Im ersten Moment war es leider doch etwas bzw. noch spürbar zu lang. Hab dann noch ein Jeffsy Core 3 probiert (das es eigentlich nicht werden soll/zu viel für meine Zwecke) und das passte in XL wie angegossen, wie noch kein Bike von mind. schon einem dutzend probierten, obwohl es die gleiche Geo und bis auf 1mm irgendwo auch die gleichen Maße hat. Der geduldige YT Kollege hat dann das Izzo für mich mal mit dem den 50er Vorbau des Jeffsy versehen und Vorbau 5mm höher (dann war Schluß, da YT die Schäfte leider so kurz abschnibbelt...) und das war massiv besser! Dann zusammen die Lenker auf dem Papier und real genauer angeschaut, der des Jeffsy hat scheinbar 15mm mehr Rise. Sprich, 50er Vorbau und evtl. noch Lenker mit mehr Rise und das XL Izzo passt mir absolut perfekt.


----------



## bunkedjosh (25. März 2022)

Hey,
ich überlege mir das Jeffsy in XL zu bestellen, aber frage mich, ob nicht doch L besser wäre.
Bin ca. 183 cm und meine SL beträgt ca. 85cm. Hauptsächlich Trails S1-S2 und ein bisschen Bikepark. Längere Touren sollten auch kein Problem sein. Was meint ihr? Könnte das XL in irgendeiner Weise unbequem sein?


----------



## MTB-News.de




----------



## jodi2 (25. März 2022)

Ich bin knapp 1cm größer und habe 2-3cm mehr SL und mir passt XL Jeffsy absolut perfekt, während mir das Izzo in XL einen Hauch zu lang ist. Allerdings liegt das an den serienmäßigen Lenkern und Vorbauten in XL der zwei, XL Jeffsy hat 10mm kürzeren Vorbau und 20mm mehr Rise, die Maße des Rahmens sind praktisch gleich.
Und ich mag es rel. lang/eher als zu knapp, da fühle ich mich beengt, der "Durchschnitt" mag wohl es einen Tick kürzer als ich.
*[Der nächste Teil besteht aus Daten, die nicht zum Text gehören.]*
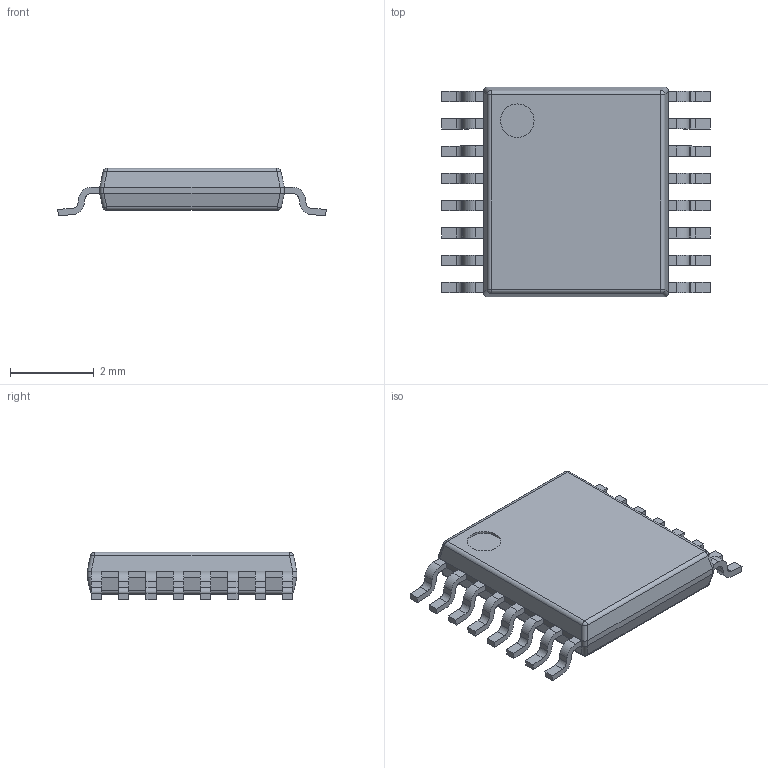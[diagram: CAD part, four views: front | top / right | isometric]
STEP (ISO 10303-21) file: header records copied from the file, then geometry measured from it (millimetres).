
FILE_DESCRIPTION((''),'2;1');
FILE_NAME('PW0016A_ASM','2017-02-03T',('a0412086'),(''),'CREO PARAMETRIC BY PTC INC, 2016050','CREO PARAMETRIC BY PTC INC, 2016050','');
FILE_SCHEMA(('AUTOMOTIVE_DESIGN { 1 0 10303 214 1 1 1 1 }'));
Length unit declared in the file: millimetre
Products named in the file (4): BODY-TSSOP; LEAD-TSSOP; PIN1; PW0016A_ASM
Assembly tree (18 placements, depth 2):
  PW0016A_ASM
    BODY-TSSOP
    LEAD-TSSOP  x16
    PIN1
Bounding box: 6.4 x 5 x 1.13 mm (x, y, z)
Volume: 22 mm3; surface area: 76.1 mm2
Topology: 17 solids, 17 shells, 269 faces, 678 edges, 444 vertices
Faces by surface type: plane 175, cylinder 86, sphere 8
Entity records: 2402 total; most frequent: CARTESIAN_POINT 277, ORIENTED_EDGE 276, PROPERTY_DEFINITION 163, REPRESENTATION 151, PROPERTY_DEFINITION_REPRESENTATION 151, STYLED_ITEM 140, EDGE_CURVE 138, GENERAL_PROPERTY_ASSOCIATION 122
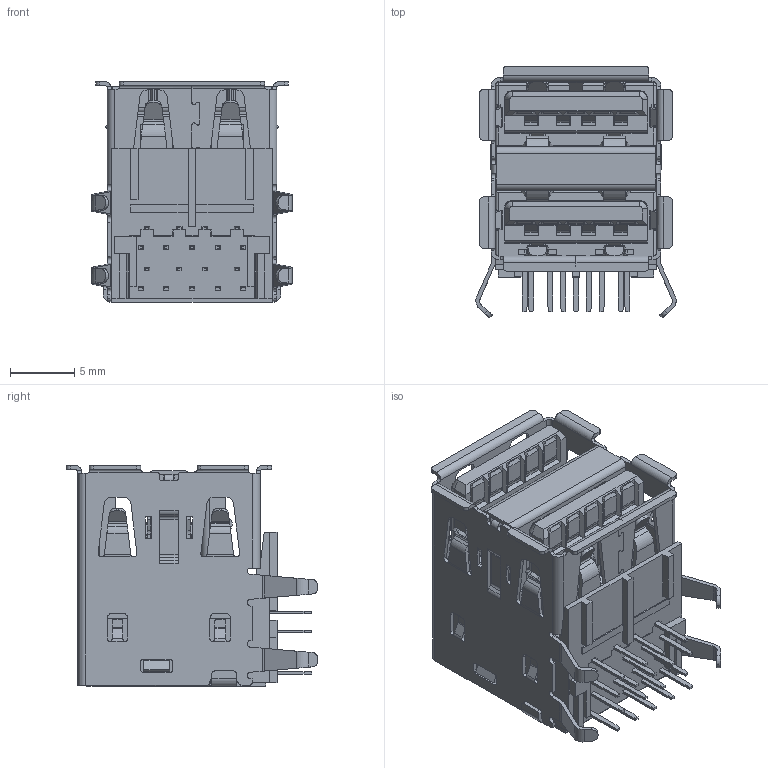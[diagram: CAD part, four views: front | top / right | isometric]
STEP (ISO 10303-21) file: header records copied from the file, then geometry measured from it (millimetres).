
FILE_DESCRIPTION (( 'STEP AP214' ), '1' );
FILE_NAME ('690N218-124-022.STEP', '2021-01-14T17:06:26', ( '' ), ( '' ), 'SwSTEP 2.0', 'SolidWorks 2020', '' );
FILE_SCHEMA (( 'AUTOMOTIVE_DESIGN' ));
Length unit declared in the file: millimetre
Products named in the file (19): Contact 14 690N218-X24-02X; Contact 8 690N218-X24-02X; Insulator2 690N218-X24-02X_Blue; Contact 17 690N218-X24-02X; Contact 7 690N218-X24-02X; Contact 2.0 Lower 690N218-X24-02X; Shell1 690N218-X24-02X; Shell3 690N218-X24-02X; Contact 6 690N218-X24-02X; Insulator1 690N218-X24-02X_Blue; Shell2 690N218-X24-02X; Contact 9 690N218-X24-02X; Contact 2.0 Upper 690N218-X24-02X; Contact 18 690N218-X24-02X; Contact 5 690N218-X24-02X; Contact 16 690N218-X24-02X; Contact 15 690N218-X24-02X; 690N218-124-022; Insulator3 690N218-X24-02X_Blue
Assembly tree (25 placements, depth 2):
  690N218-124-022
    Insulator2 690N218-X24-02X_Blue  x2
    Contact 2.0 Lower 690N218-X24-02X  x4
    Contact 9 690N218-X24-02X
    Contact 8 690N218-X24-02X
    Contact 5 690N218-X24-02X
    Contact 6 690N218-X24-02X
    Contact 7 690N218-X24-02X
    Contact 2.0 Upper 690N218-X24-02X  x4
    Contact 17 690N218-X24-02X
    Contact 16 690N218-X24-02X
    Contact 15 690N218-X24-02X
    Contact 18 690N218-X24-02X
    Contact 14 690N218-X24-02X
    Insulator1 690N218-X24-02X_Blue
    Insulator3 690N218-X24-02X_Blue
    Shell1 690N218-X24-02X
    Shell2 690N218-X24-02X
    Shell3 690N218-X24-02X
Bounding box: 15.6 x 19.6 x 17.2 mm (x, y, z)
Volume: 1707.1 mm3; surface area: 7378.5 mm2
Topology: 25 solids, 25 shells, 3066 faces, 8906 edges, 5864 vertices
Faces by surface type: plane 2258, cylinder 788, cone 10, bspline 10
Entity records: 79164 total; most frequent: CARTESIAN_POINT 16907, ORIENTED_EDGE 13530, DIRECTION 11884, EDGE_CURVE 6765, LINE 5242, VECTOR 5242, VERTEX_POINT 4442, AXIS2_PLACEMENT_3D 3321
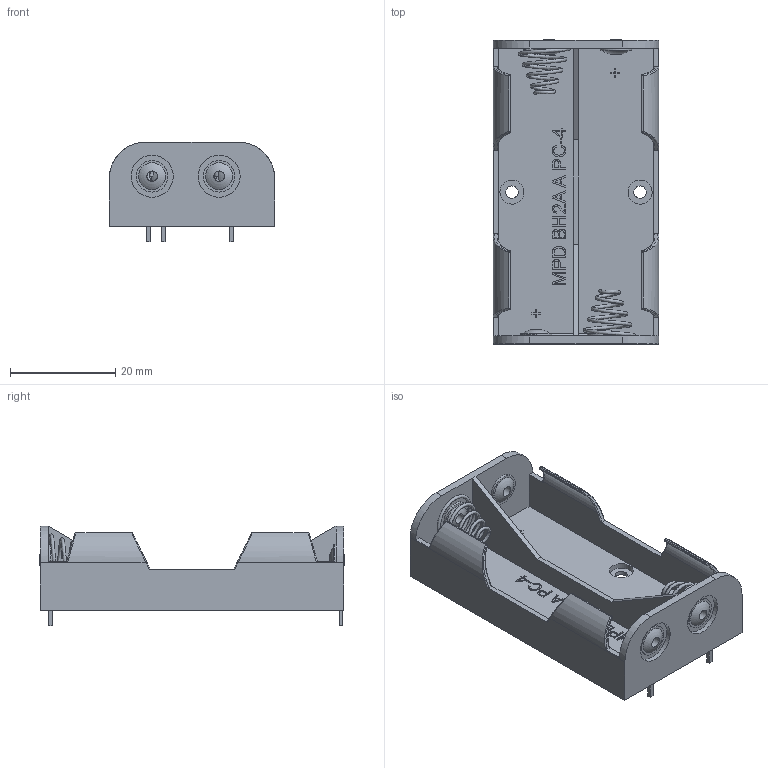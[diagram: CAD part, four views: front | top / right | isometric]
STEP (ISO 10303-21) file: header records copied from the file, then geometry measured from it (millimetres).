
FILE_DESCRIPTION((''),'1');
FILE_NAME('AABattery Holder.stp', '2015-01-10T06:19:27',('keycreator'), (''), 'KCM Version 1.1.1028.0', 'Kubotek KeyCreator', '');
FILE_SCHEMA(('AUTOMOTIVE_DESIGN'));
Length unit declared in the file: millimetre
Bounding box: 31.5 x 57.98 x 19 mm (x, y, z)
Volume: 5944 mm3; surface area: 9313.8 mm2
Topology: 1 solids, 1 shells, 398 faces, 1032 edges, 674 vertices
Faces by surface type: plane 237, bspline 77, cylinder 60, sphere 16, torus 8
Full cylindrical faces by diameter (mm): 2 x5, 2.36 x2, 4.57 x2, 6 x8, 8 x4
Entity records: 23357 total; most frequent: CARTESIAN_POINT 13372, ORIENTED_EDGE 2064, DIRECTION 1655, EDGE_CURVE 1032, VERTEX_POINT 674, VECTOR 651, LINE 651, AXIS2_PLACEMENT_3D 502

Aus meiner Sicht bist Du daher beim Jeffsy vermutlich genau zwischen L und XL, und kannst bei beiden noch 10mm über den Vorbau in die Richtung des anderen kommen, beim Lenker über weniger Rise aber nur das L nochmal etwas länger/gestreckter machen, nicht das XL kürzer, da der Lenker schon 35mm Rise hat.
In welche Richtung man so dazwischen tendiert ist aber individuell verschieden, ich würde es daher nicht blind kaufen, sondern es vor Ort bei YT probieren/einen Probefahrttermin ausmachen.


----------



## Deleted 210077 (25. März 2022)

So gesehn würde ich eher das XL nehmen. Am Jeffsy ist schon ein 50er Vorbau und mehr als das würde ich auf einem Trailbike oder Enduro nicht mehr fahren wollen. Einen 60er oder gar 75er Vorbau fährt doch keiner mehr freiwillig. 
Am XL eine 35er oder 40er montieren dagegen ist eher "zeitgemäß". 

Das wichtigste Kriterium wär wohl das Sitzrohr. Müsstest du dich beim XL mit 150mm Hub abfinden oder kriegst du dort auch mehr rein. Wenn nein, würde ich L nehmen wenn ja - - > XL. 
Auch wenn 150mm eigentlich genügen könnten würde ich immer zumindest die Option haben wollen mehr fahren zu können


----------



## jodi2 (25. März 2022)

Ich habe beim XL Izzo noch etwa 4-5cm "Luft" bei 170mm Dropper, d.h. bei 2-3cm weniger SL sollten noch 2cm bleiben, d.h. 170er geht mindestens.


----------



## LennyNRT (30. März 2022)

Ich bin am überlegen vom Giant Trance X 2 in L auf das Capra Core 3 zu wechseln.
Dachte auch da mit L gut bedient zu sein. Wenn ich aber die Daten der Bikes vergleiche, denke ich mit XL wesentlich besser aufgehoben zu sein. Fühle mich auf dem L von Giant sehr wohl.
Bikewunsch: YT Capra Core 3 29
Größe 183 cm
Sl 85 cm.


----------



## jodi2 (30. März 2022)

Ich hab ähnliche Maße bei 2-3cm mehr SL und mir passen Jeffsey und Izzo XL mit 50er Vorbau und um 35mm Rise perfekt. Das Core hat ähnliche Rahmenmaße, durch die anderen Winkel kommt der Lenker (bei gleichen Vorbau und Rise) aber etwa 1cm höher und näher, müsste also für Dich genau richtig sein.
Wenn ich es mit dem (2021er) Trance X vergleiche, kommt das Core in XL im Reach ein paar mm kürzer und vor allem im Stack rund 20mm höher, wobei ich nicht weiß, ob das für die Gattung "Endruo" üblich/gut oder schlecht ist. Durch die anderen Winkel sind das real dann rund +25mm in der Lenkerhöhe und -10mm im "Reach". Mit Lenker mit 10mm Rise, -6 Grad Vorbau und Vorbau ganz runter ließen sich da noch 10mm "runterholen" bei dann nur noch etwa -5mm "Reach".
Aber die eigentliche Frage war ja, was ist mit Core L, das ist im Vergleich zum L Trance X viel zu kurz. Stack ist dann zwar näher zusammen, aber beim Vorbau müsste für gleiche Pos. man auf 75-80mm gehen und auch dann sind vermutlich noch die Knie im Weg.
Unten mal Bilder aus bike-stats mit Core in L und XL zum Trance X (blau) in L, alles mit serienmäßigen Rise+Vorbauten.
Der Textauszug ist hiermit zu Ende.